• _Description of the task_: Give an exact copy of the data that follows, but none of its pictures.

• _Stored data_:
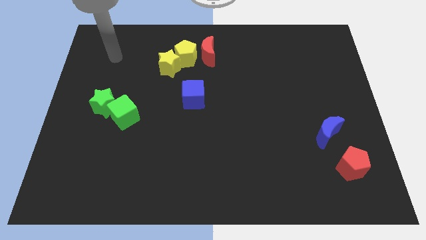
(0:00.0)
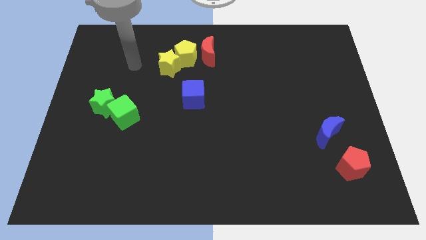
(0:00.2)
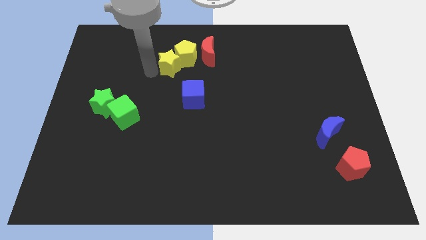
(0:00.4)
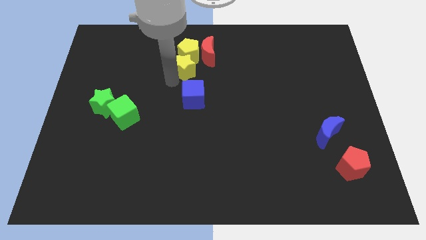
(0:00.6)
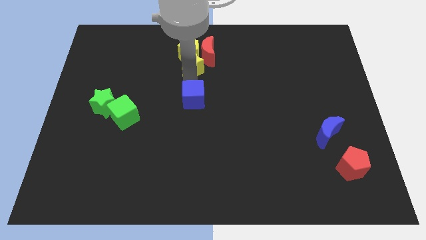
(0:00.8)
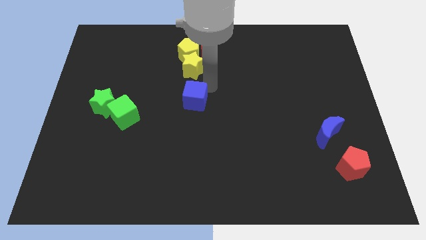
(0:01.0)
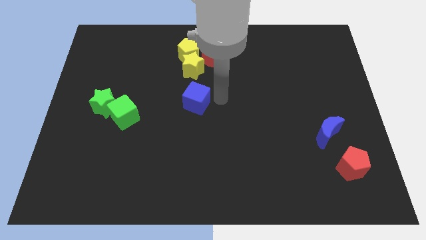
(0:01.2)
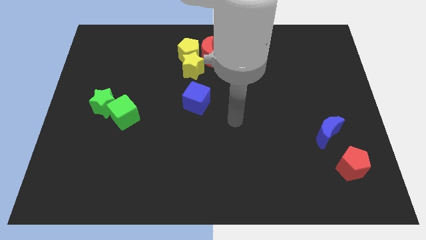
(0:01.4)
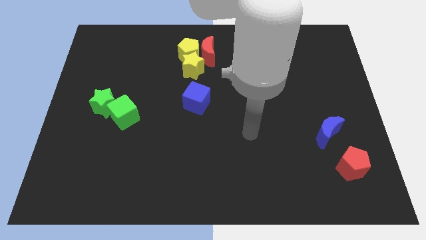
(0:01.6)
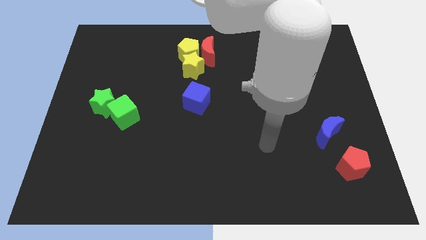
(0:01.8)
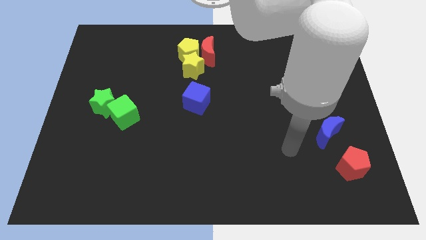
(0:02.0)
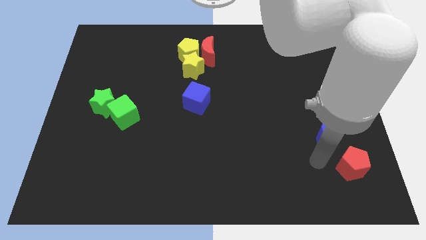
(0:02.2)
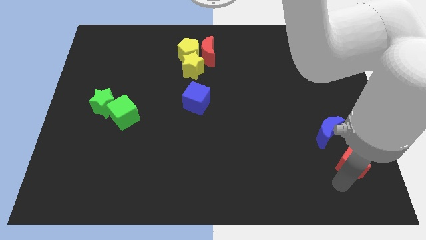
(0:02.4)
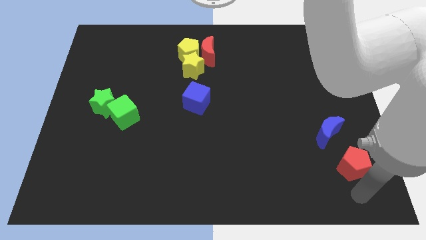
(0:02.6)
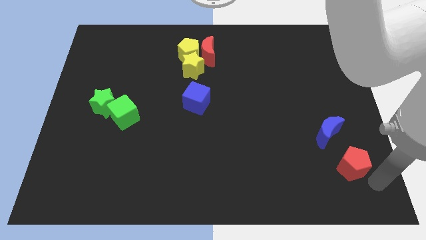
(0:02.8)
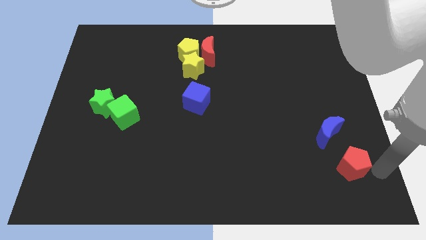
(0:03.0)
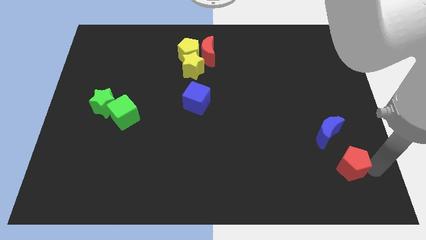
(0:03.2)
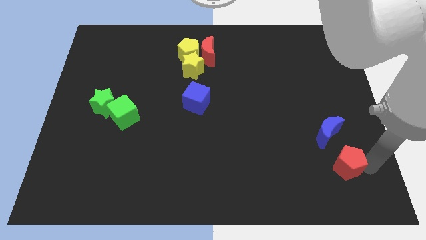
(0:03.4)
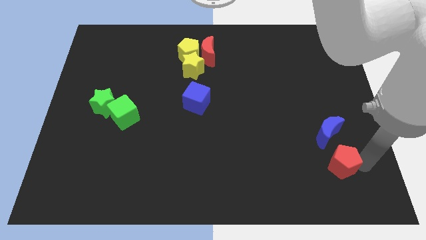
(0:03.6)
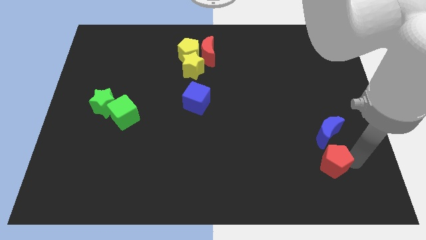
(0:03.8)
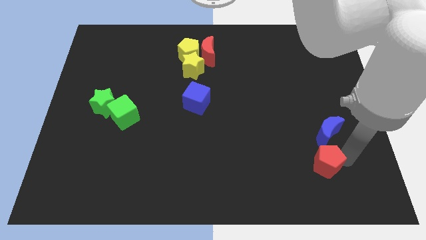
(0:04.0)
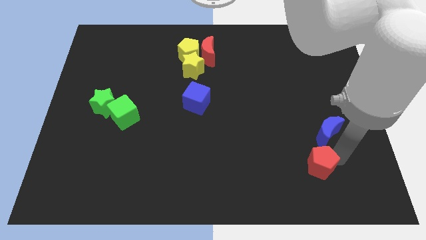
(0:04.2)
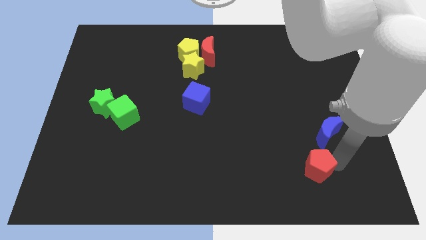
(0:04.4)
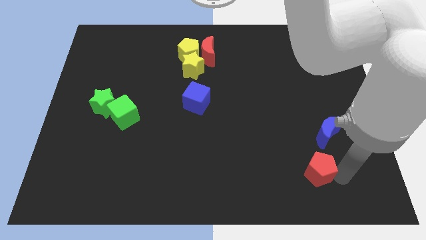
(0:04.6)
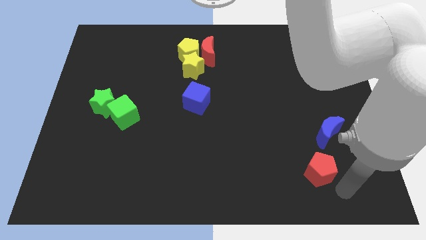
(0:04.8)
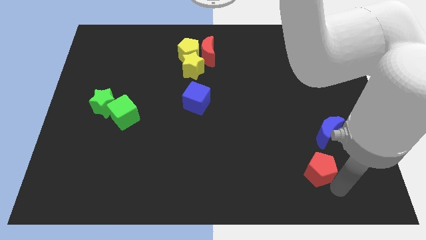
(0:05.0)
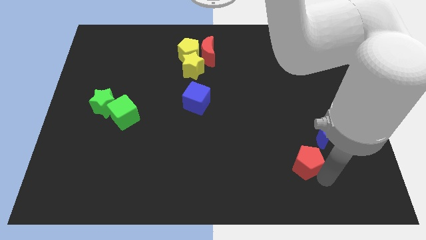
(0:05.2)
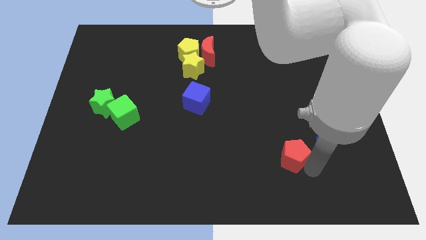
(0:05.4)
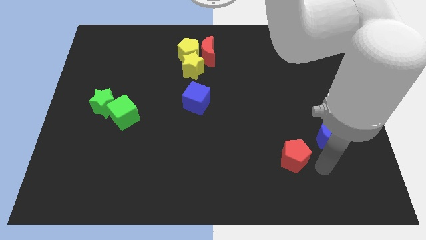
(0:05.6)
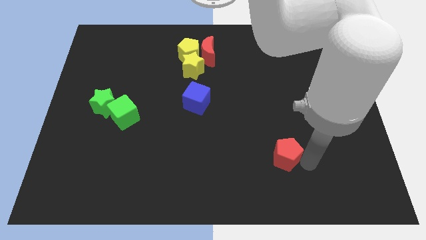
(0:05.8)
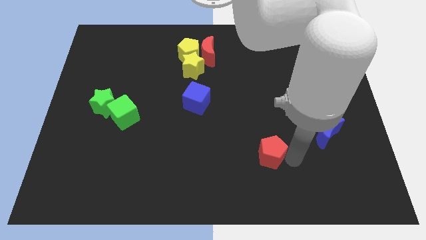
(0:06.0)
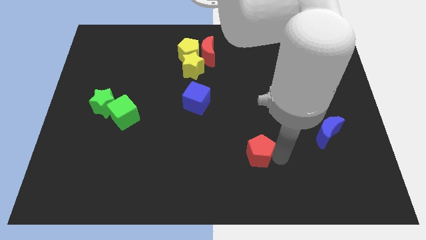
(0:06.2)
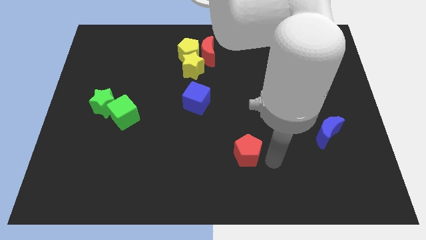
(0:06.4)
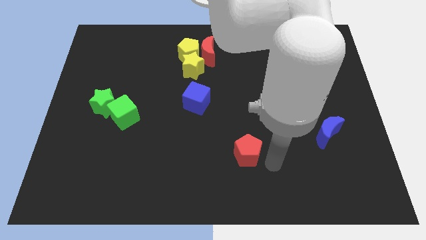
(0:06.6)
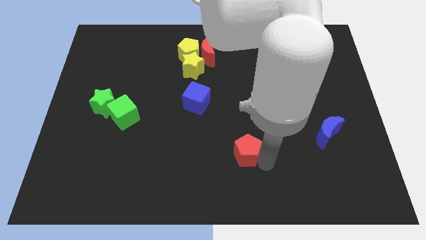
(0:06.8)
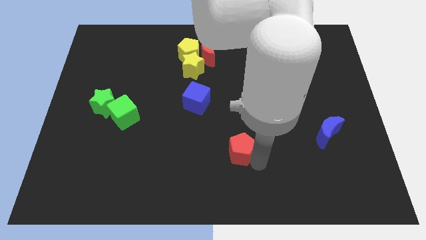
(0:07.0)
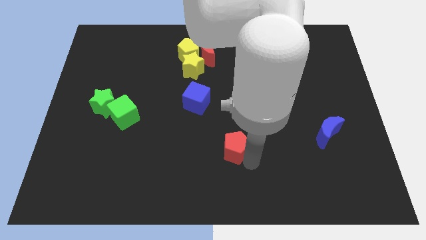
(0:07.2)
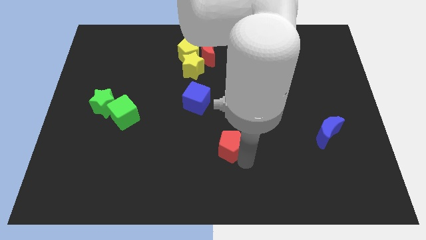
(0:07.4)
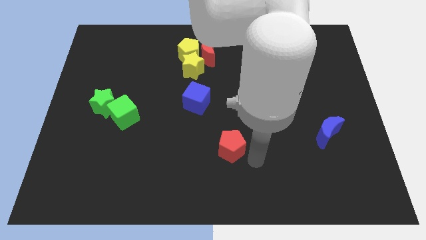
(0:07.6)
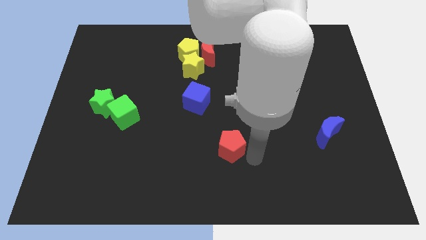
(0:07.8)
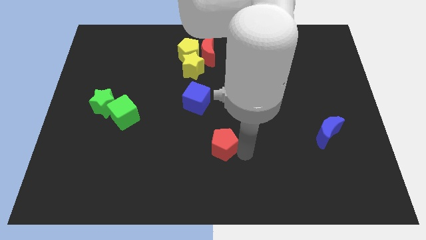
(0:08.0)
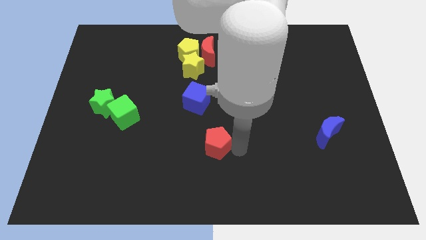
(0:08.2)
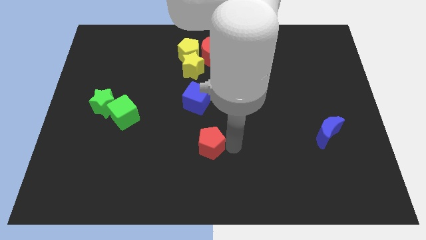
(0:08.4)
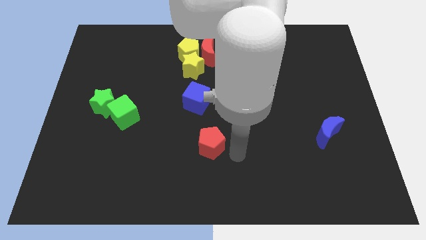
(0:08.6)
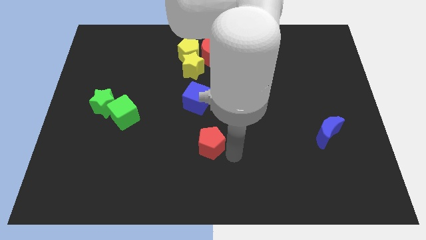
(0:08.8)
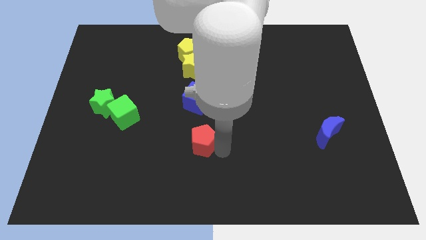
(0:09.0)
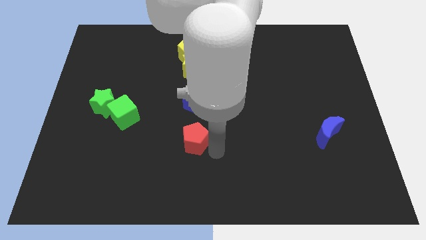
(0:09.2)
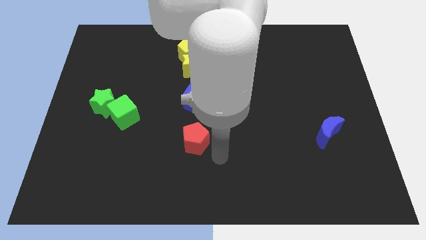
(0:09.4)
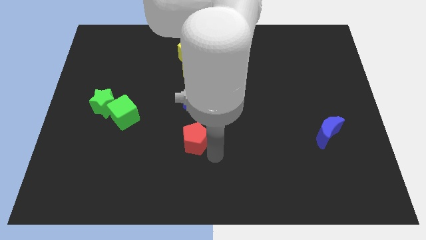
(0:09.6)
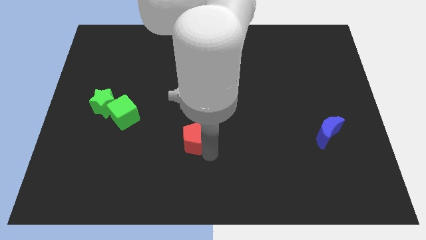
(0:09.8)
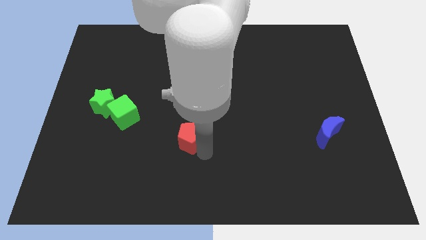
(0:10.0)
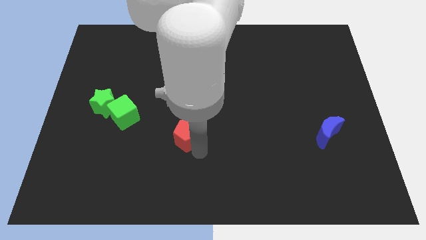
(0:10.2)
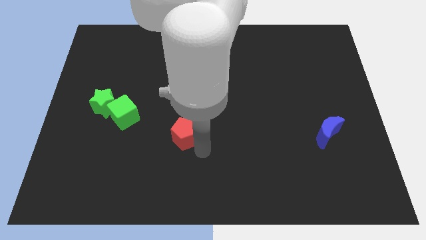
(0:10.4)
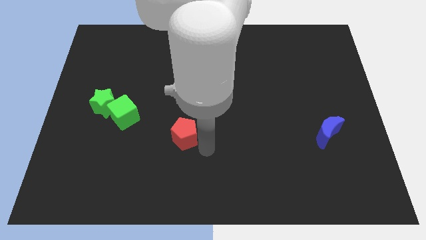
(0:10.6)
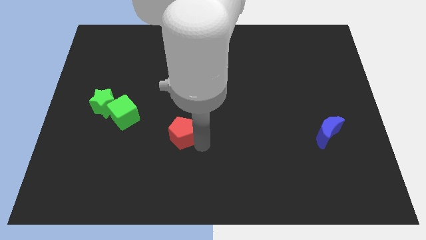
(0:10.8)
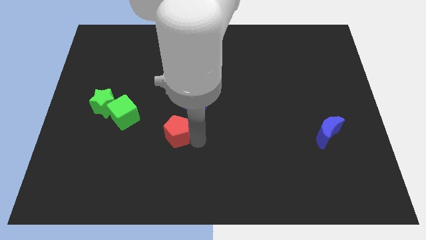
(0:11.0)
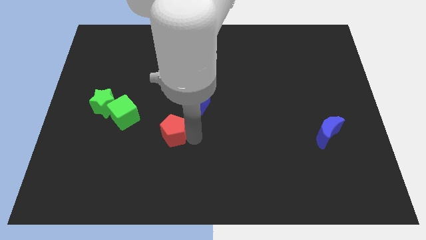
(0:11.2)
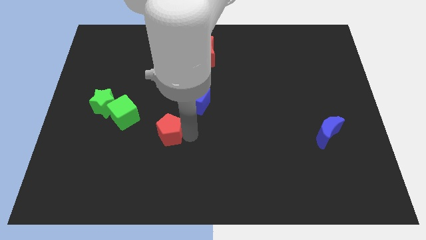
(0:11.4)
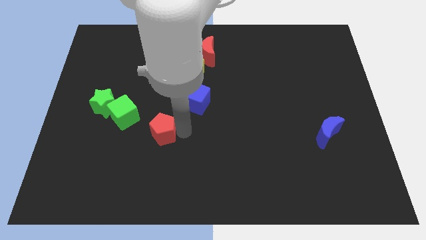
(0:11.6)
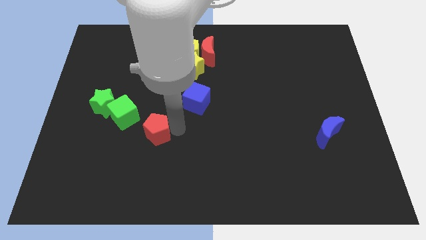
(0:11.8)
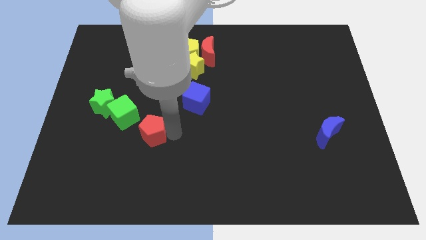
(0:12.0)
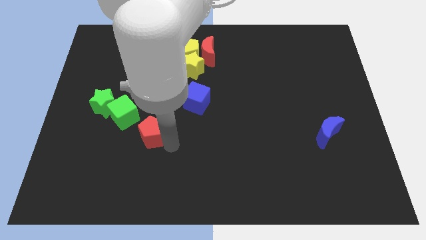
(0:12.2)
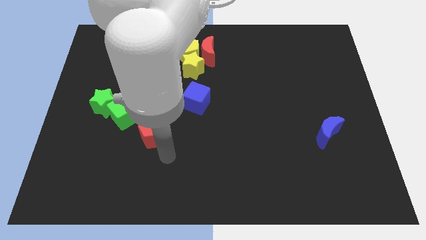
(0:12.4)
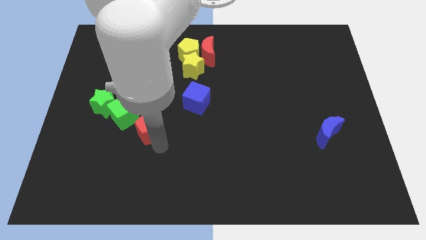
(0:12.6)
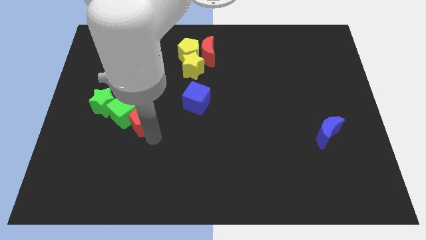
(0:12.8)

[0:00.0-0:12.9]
put the red pentagon towards the green cube

• _Task output_:
(0:00.0)
(0:00.2)
(0:00.4)
(0:00.6)
(0:00.8)
(0:01.0)
(0:01.2)
(0:01.4)
(0:01.6)
(0:01.8)
(0:02.0)
(0:02.2)
(0:02.4)
(0:02.6)
(0:02.8)
(0:03.0)
(0:03.2)
(0:03.4)
(0:03.6)
(0:03.8)
(0:04.0)
(0:04.2)
(0:04.4)
(0:04.6)
(0:04.8)
(0:05.0)
(0:05.2)
(0:05.4)
(0:05.6)
(0:05.8)
(0:06.0)
(0:06.2)
(0:06.4)
(0:06.6)
(0:06.8)
(0:07.0)
(0:07.2)
(0:07.4)
(0:07.6)
(0:07.8)
(0:08.0)
(0:08.2)
(0:08.4)
(0:08.6)
(0:08.8)
(0:09.0)
(0:09.2)
(0:09.4)
(0:09.6)
(0:09.8)
(0:10.0)
(0:10.2)
(0:10.4)
(0:10.6)
(0:10.8)
(0:11.0)
(0:11.2)
(0:11.4)
(0:11.6)
(0:11.8)
(0:12.0)
(0:12.2)
(0:12.4)
(0:12.6)
(0:12.8)

[0:00.0-0:12.9]
put the red pentagon towards the green cube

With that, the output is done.